| WORK INSTRUCTION |
The reply should repeat all of the data word for word, with no pictures.

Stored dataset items
----
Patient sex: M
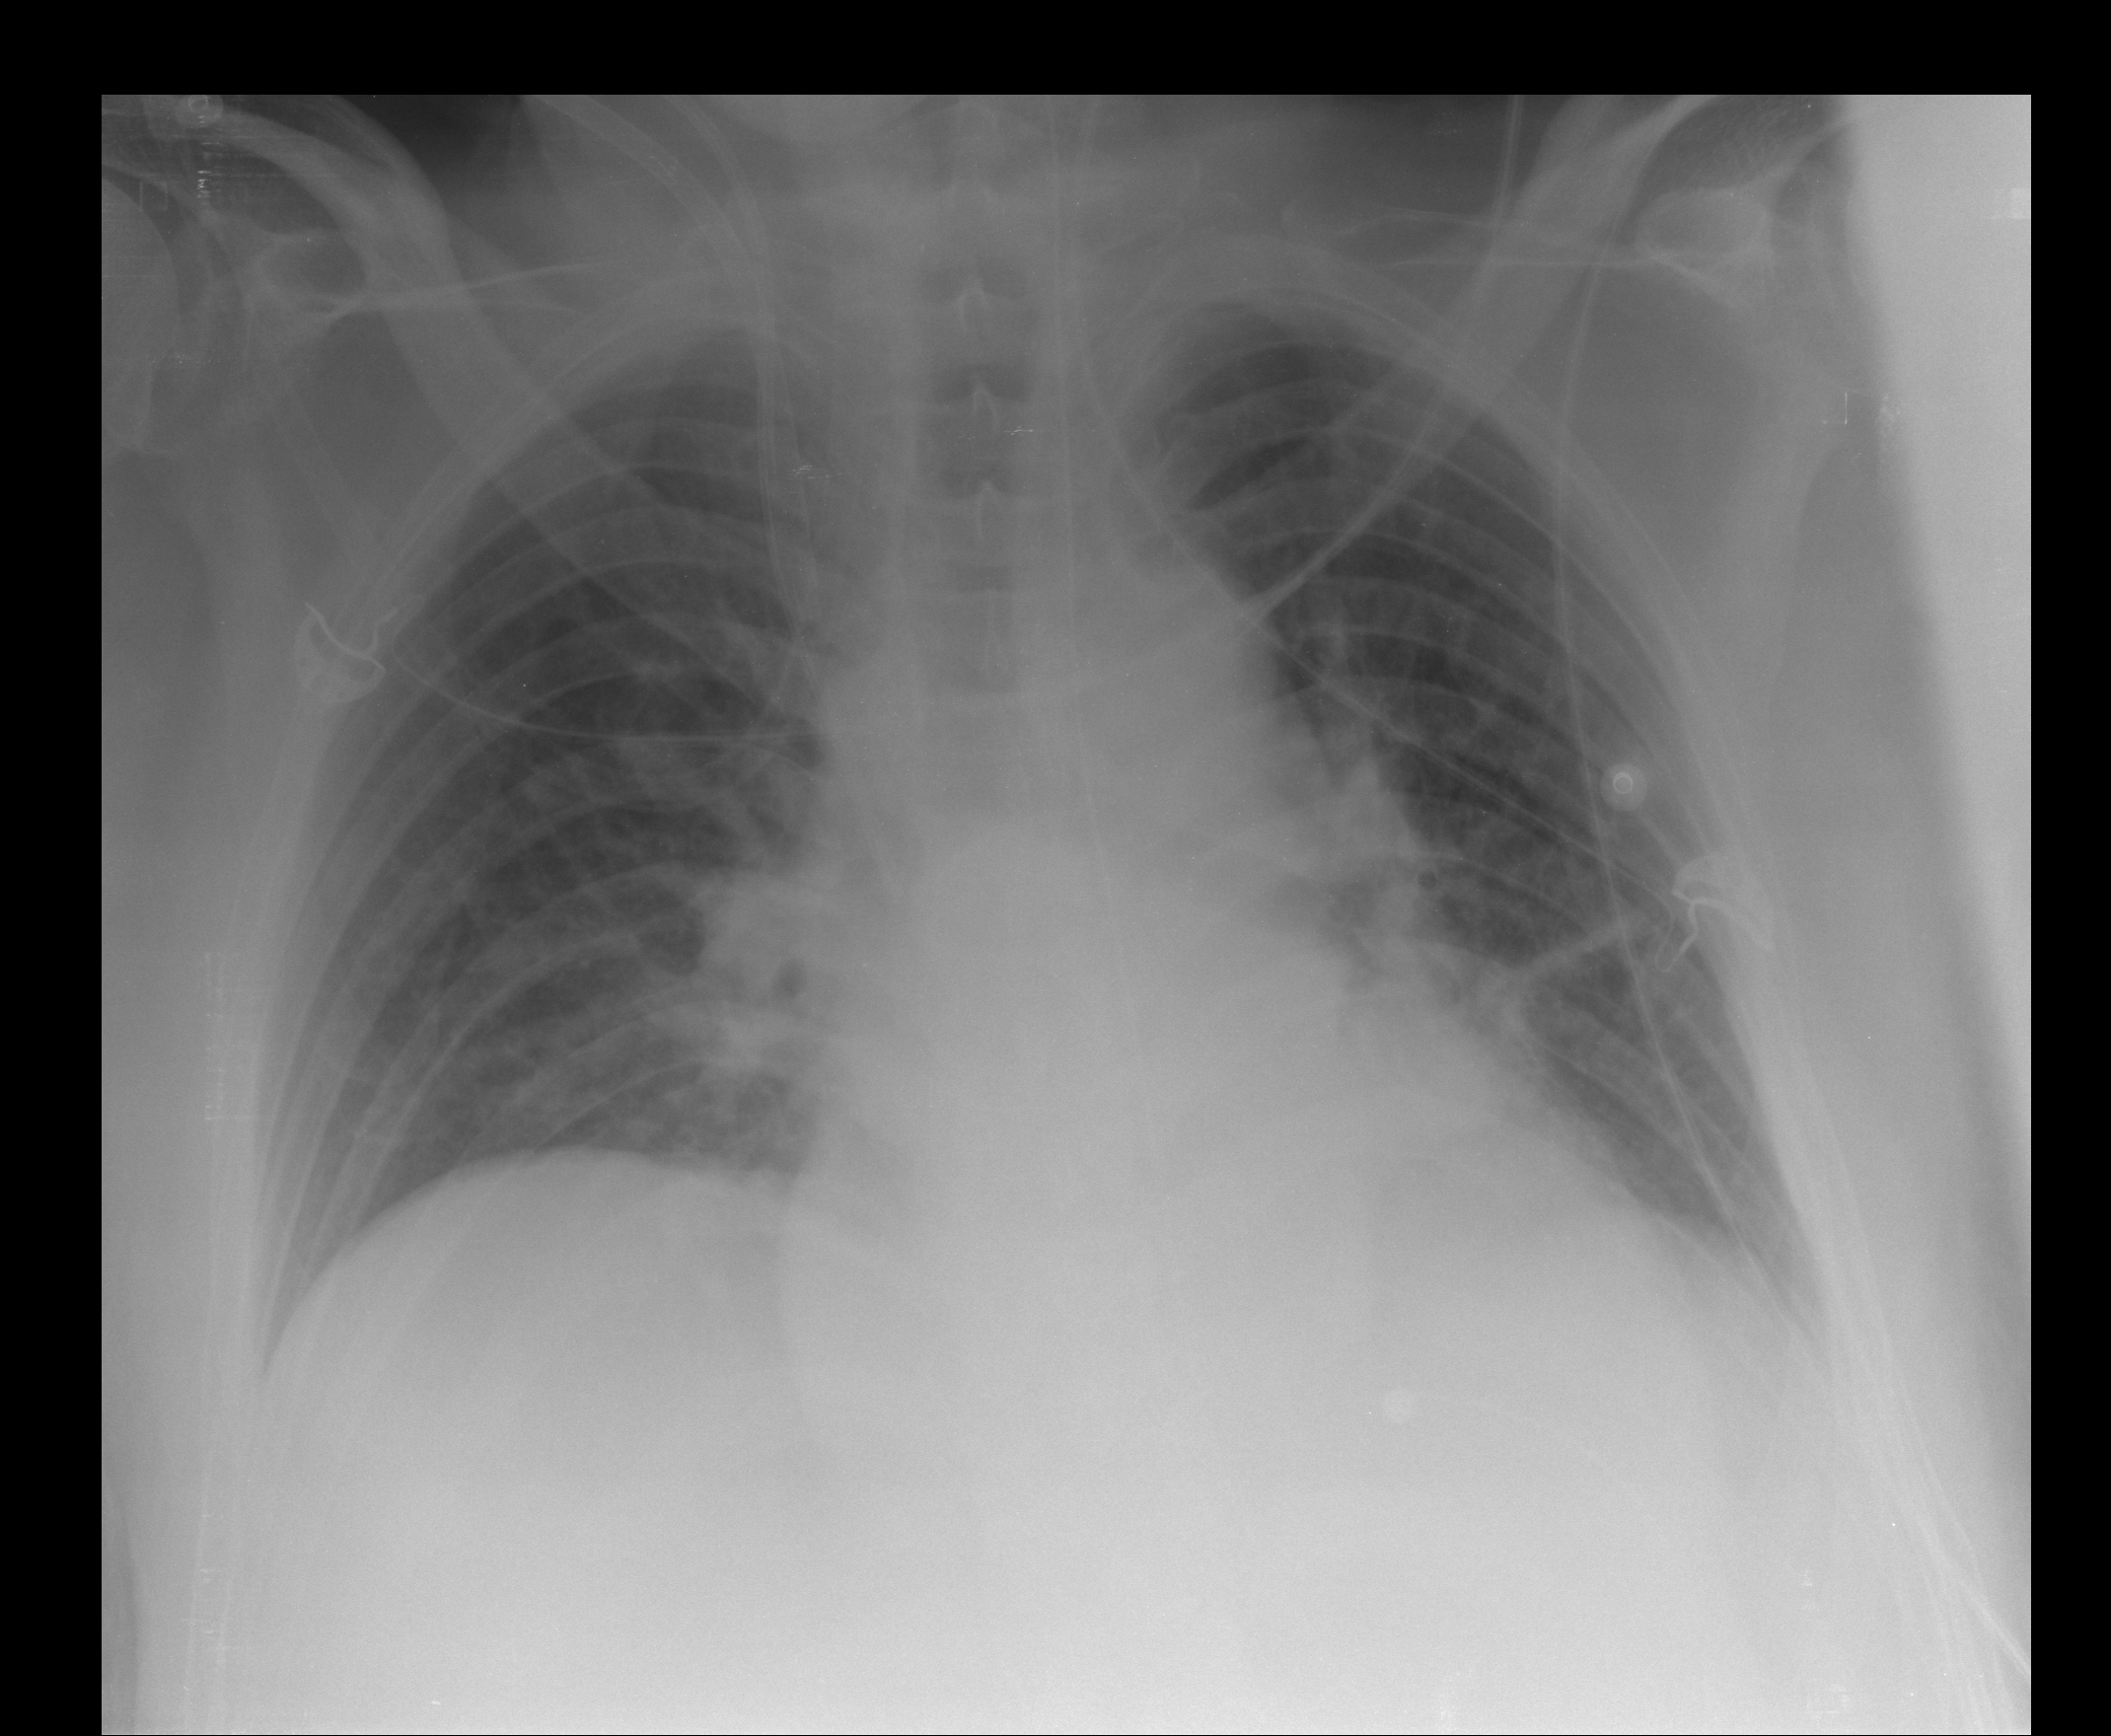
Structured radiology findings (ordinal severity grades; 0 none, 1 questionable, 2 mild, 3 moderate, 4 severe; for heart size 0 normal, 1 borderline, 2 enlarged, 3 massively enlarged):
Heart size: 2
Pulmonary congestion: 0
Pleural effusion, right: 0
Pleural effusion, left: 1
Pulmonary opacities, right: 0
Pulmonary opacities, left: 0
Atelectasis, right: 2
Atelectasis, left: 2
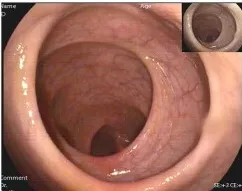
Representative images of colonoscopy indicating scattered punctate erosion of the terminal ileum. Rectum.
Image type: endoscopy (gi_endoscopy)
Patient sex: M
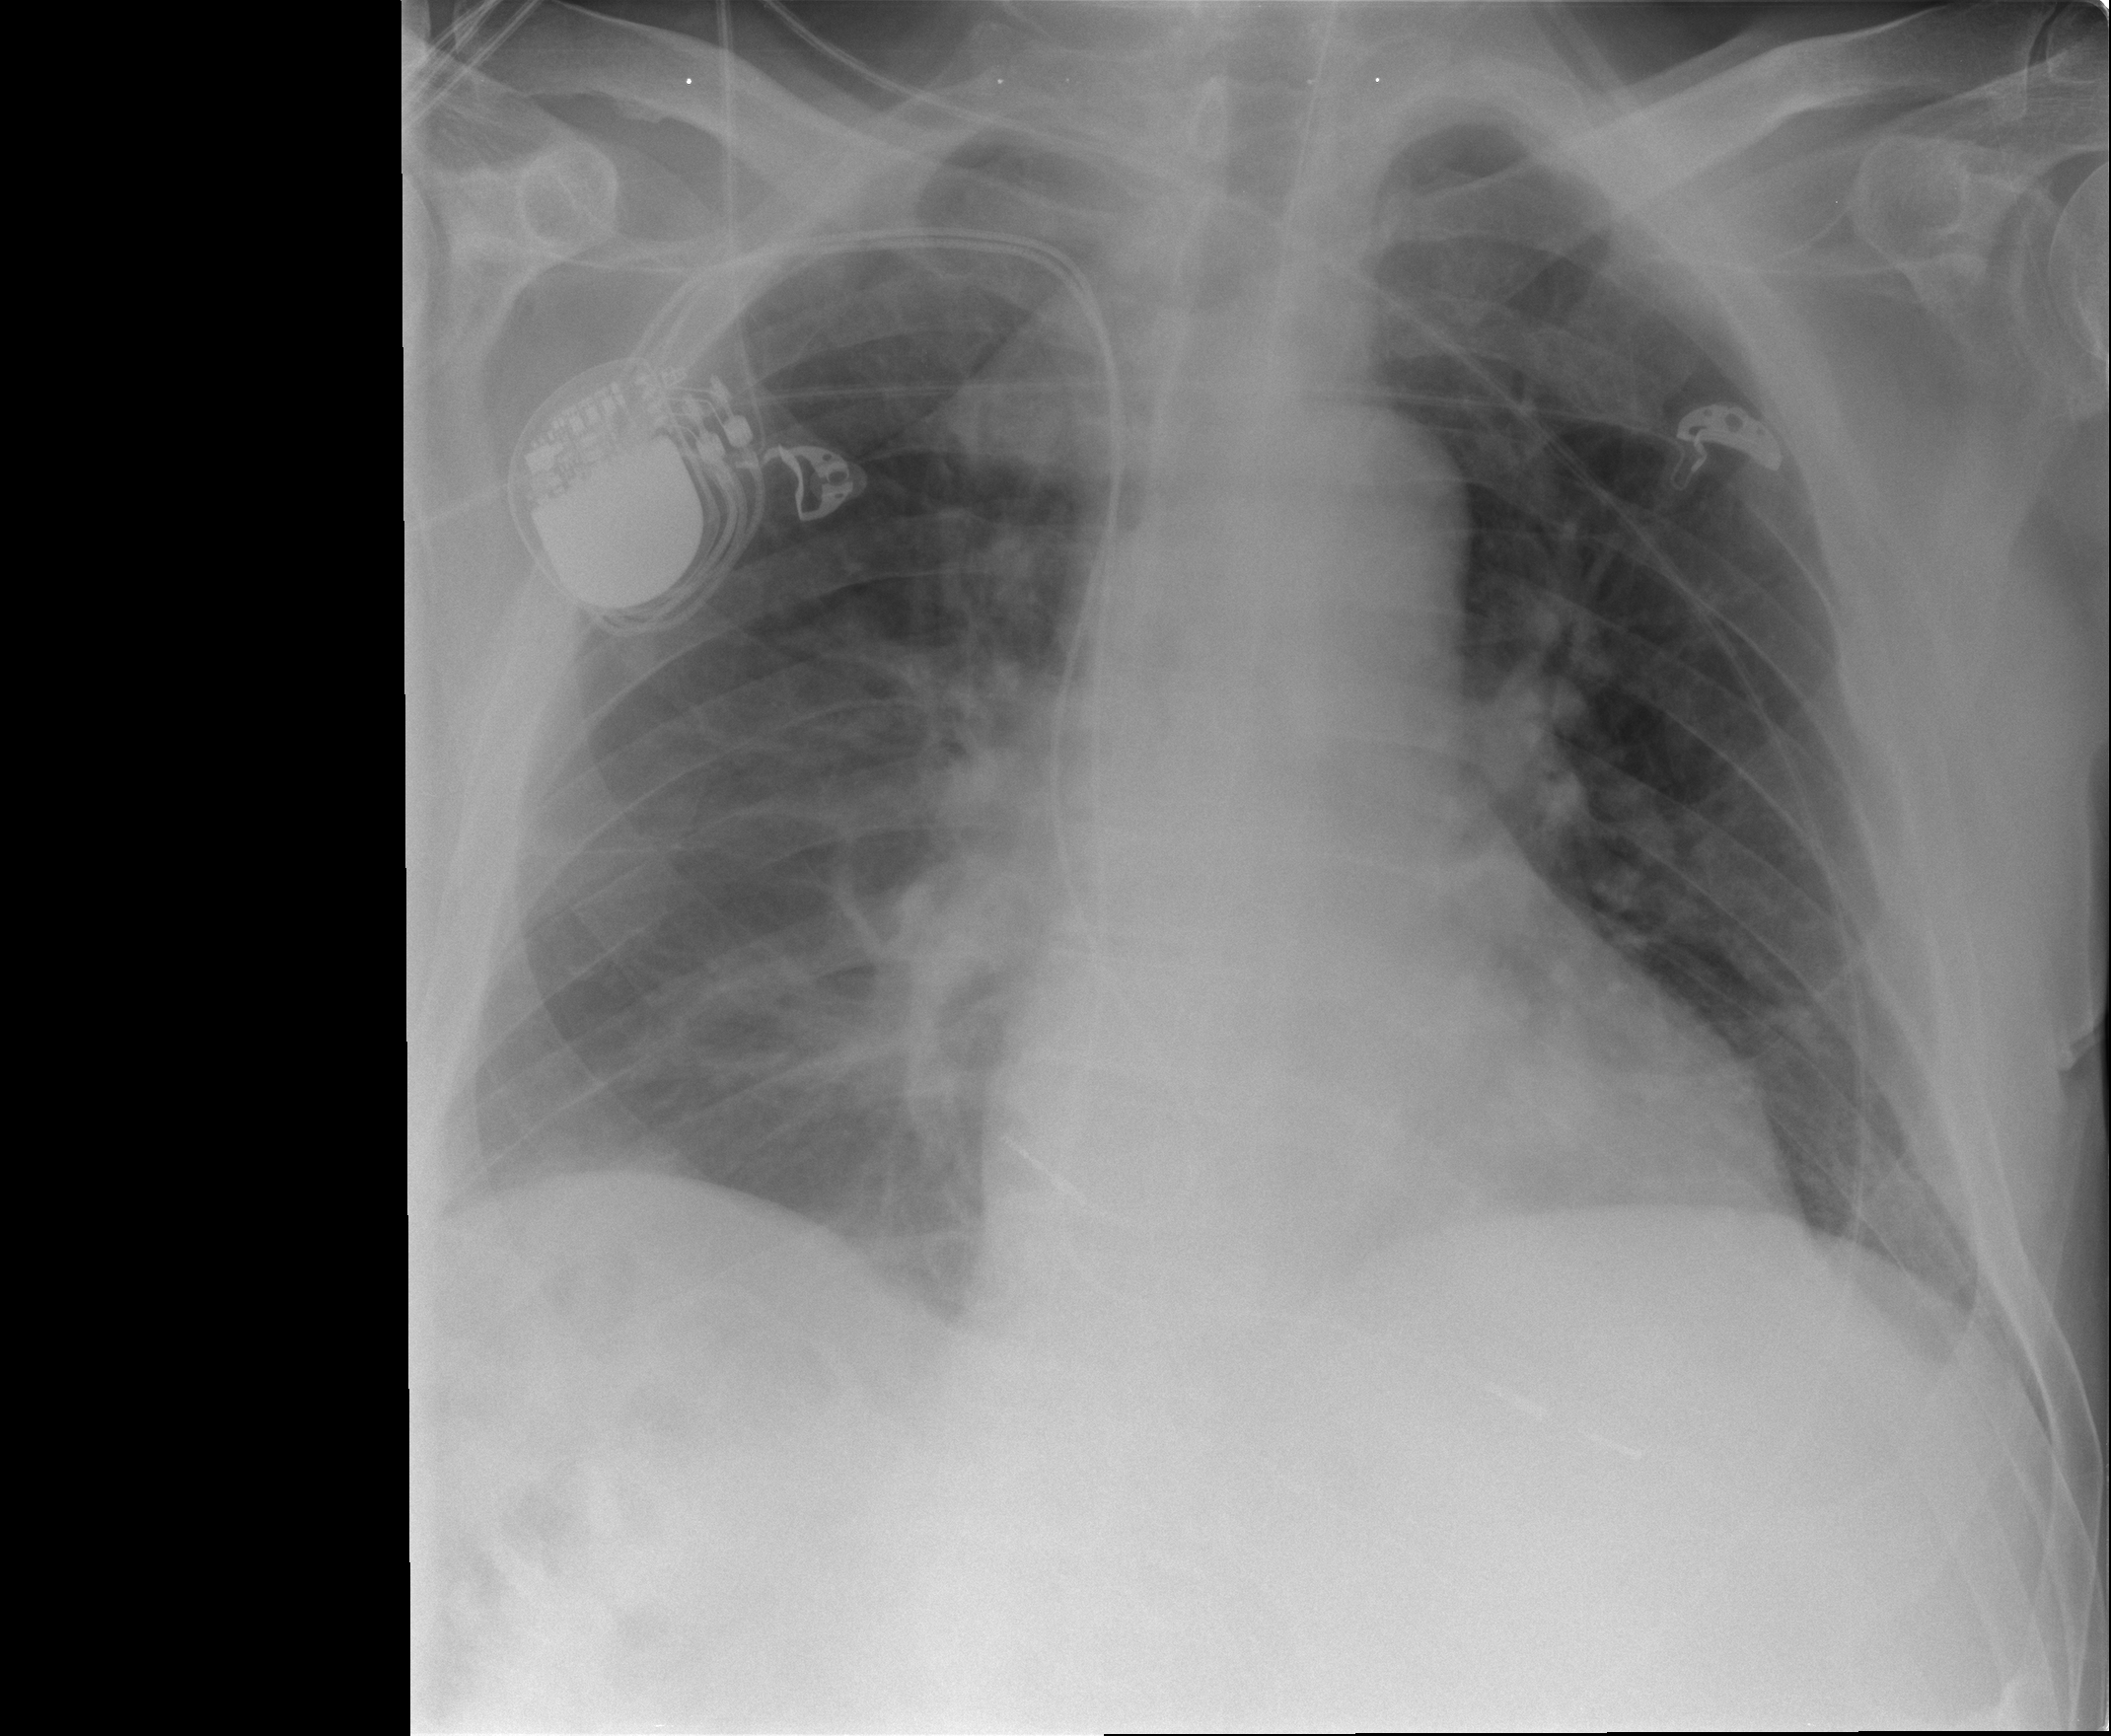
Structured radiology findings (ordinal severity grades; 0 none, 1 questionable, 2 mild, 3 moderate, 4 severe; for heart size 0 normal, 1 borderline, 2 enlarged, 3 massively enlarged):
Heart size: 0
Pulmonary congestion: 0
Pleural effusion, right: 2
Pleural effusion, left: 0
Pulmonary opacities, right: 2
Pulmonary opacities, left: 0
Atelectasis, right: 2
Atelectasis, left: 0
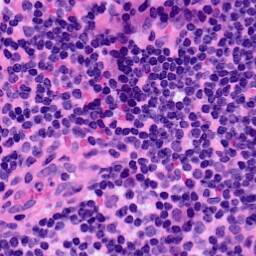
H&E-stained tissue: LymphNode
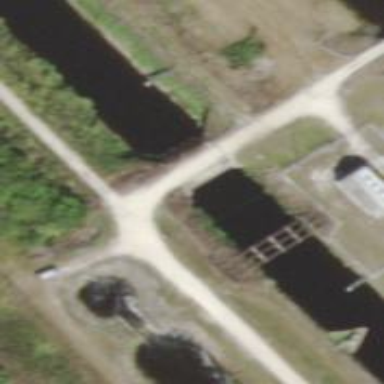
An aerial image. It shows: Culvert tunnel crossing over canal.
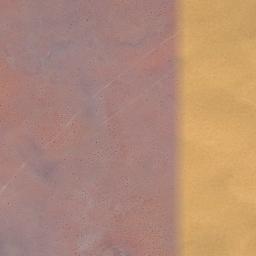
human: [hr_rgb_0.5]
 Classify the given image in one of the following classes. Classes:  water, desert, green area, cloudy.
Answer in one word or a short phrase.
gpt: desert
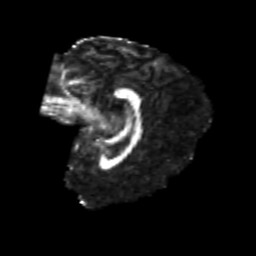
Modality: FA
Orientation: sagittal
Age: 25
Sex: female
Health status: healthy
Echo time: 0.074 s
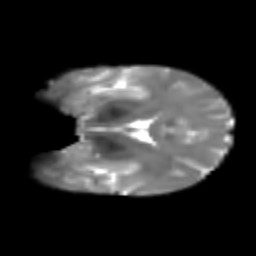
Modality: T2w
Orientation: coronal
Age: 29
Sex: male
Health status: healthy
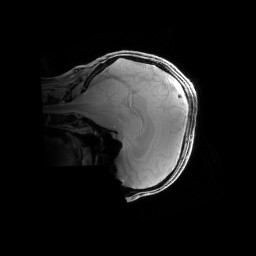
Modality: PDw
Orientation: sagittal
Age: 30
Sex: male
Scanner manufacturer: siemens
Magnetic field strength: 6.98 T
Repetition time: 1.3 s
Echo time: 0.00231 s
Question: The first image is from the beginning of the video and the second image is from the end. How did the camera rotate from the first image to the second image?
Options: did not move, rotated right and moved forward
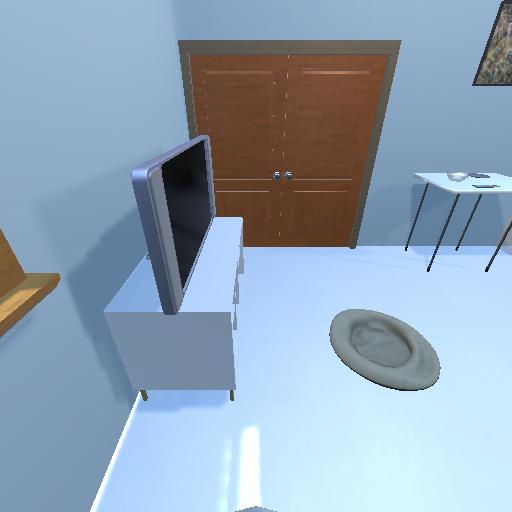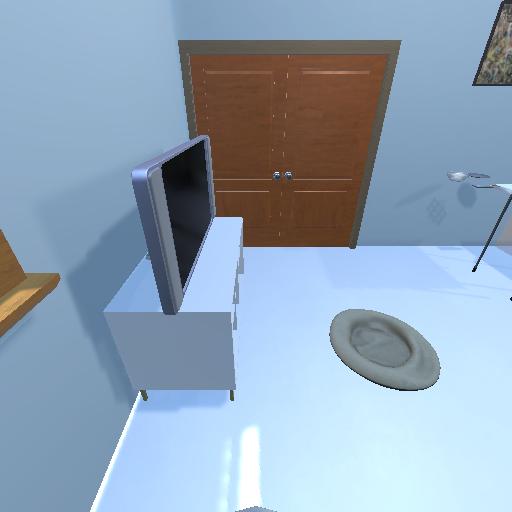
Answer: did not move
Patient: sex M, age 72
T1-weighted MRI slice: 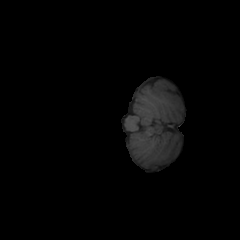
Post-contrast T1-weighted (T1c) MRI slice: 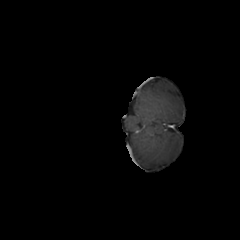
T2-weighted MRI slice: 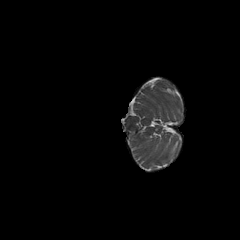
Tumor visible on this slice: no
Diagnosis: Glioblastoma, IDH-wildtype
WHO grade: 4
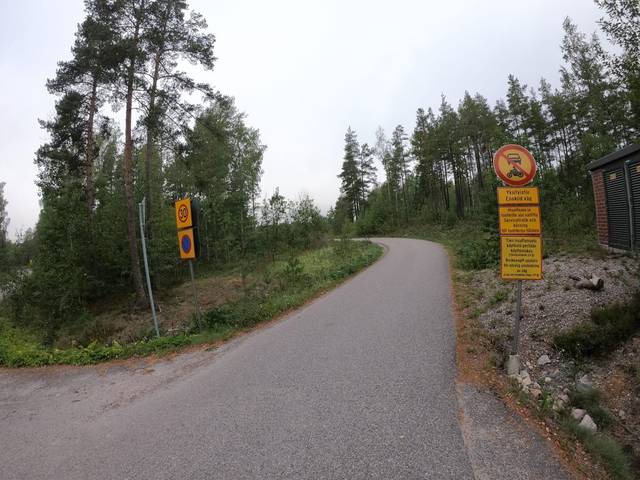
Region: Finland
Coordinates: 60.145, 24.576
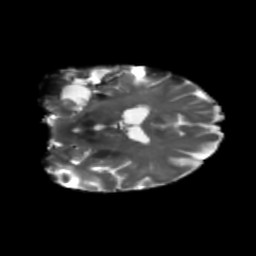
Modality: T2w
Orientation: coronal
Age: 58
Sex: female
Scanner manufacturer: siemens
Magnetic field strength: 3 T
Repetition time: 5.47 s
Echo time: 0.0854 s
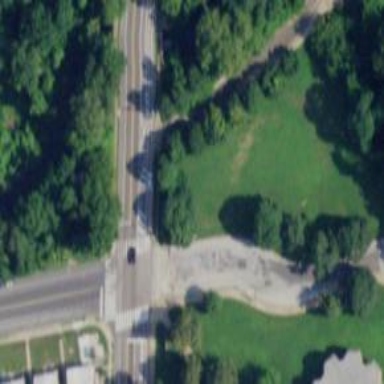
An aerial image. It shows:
----
| EXERCISE OUTPUT |
Patient sex: M
Structured radiology findings (ordinal severity grades; 0 none, 1 questionable, 2 mild, 3 moderate, 4 severe; for heart size 0 normal, 1 borderline, 2 enlarged, 3 massively enlarged):
Heart size: 2
Pulmonary congestion: 0
Pleural effusion, right: 0
Pleural effusion, left: 1
Pulmonary opacities, right: 0
Pulmonary opacities, left: 0
Atelectasis, right: 2
Atelectasis, left: 2
Representative images of colonoscopy indicating scattered punctate erosion of the terminal ileum. Rectum.
Image type: endoscopy (gi_endoscopy)
Patient sex: M
Structured radiology findings (ordinal severity grades; 0 none, 1 questionable, 2 mild, 3 moderate, 4 severe; for heart size 0 normal, 1 borderline, 2 enlarged, 3 massively enlarged):
Heart size: 0
Pulmonary congestion: 0
Pleural effusion, right: 2
Pleural effusion, left: 0
Pulmonary opacities, right: 2
Pulmonary opacities, left: 0
Atelectasis, right: 2
Atelectasis, left: 0
H&E-stained tissue: LymphNode
An aerial image. It shows: Culvert tunnel crossing over canal.
human: [hr_rgb_0.5]
 Classify the given image in one of the following classes. Classes:  water, desert, green area, cloudy.
Answer in one word or a short phrase.
gpt: desert
Modality: FA
Orientation: sagittal
Age: 25
Sex: female
Health status: healthy
Echo time: 0.074 s
Modality: T2w
Orientation: coronal
Age: 29
Sex: male
Health status: healthy
Modality: PDw
Orientation: sagittal
Age: 30
Sex: male
Scanner manufacturer: siemens
Magnetic field strength: 6.98 T
Repetition time: 1.3 s
Echo time: 0.00231 s
Question: The first image is from the beginning of the video and the second image is from the end. How did the camera rotate from the first image to the second image?
Options: did not move, rotated right and moved forward
Answer: did not move
Patient: sex M, age 72
T1-weighted MRI slice: 
Post-contrast T1-weighted (T1c) MRI slice: 
T2-weighted MRI slice: 
Tumor visible on this slice: no
Diagnosis: Glioblastoma, IDH-wildtype
WHO grade: 4
Region: Finland
Coordinates: 60.145, 24.576
Modality: T2w
Orientation: coronal
Age: 58
Sex: female
Scanner manufacturer: siemens
Magnetic field strength: 3 T
Repetition time: 5.47 s
Echo time: 0.0854 s
An aerial image. It shows:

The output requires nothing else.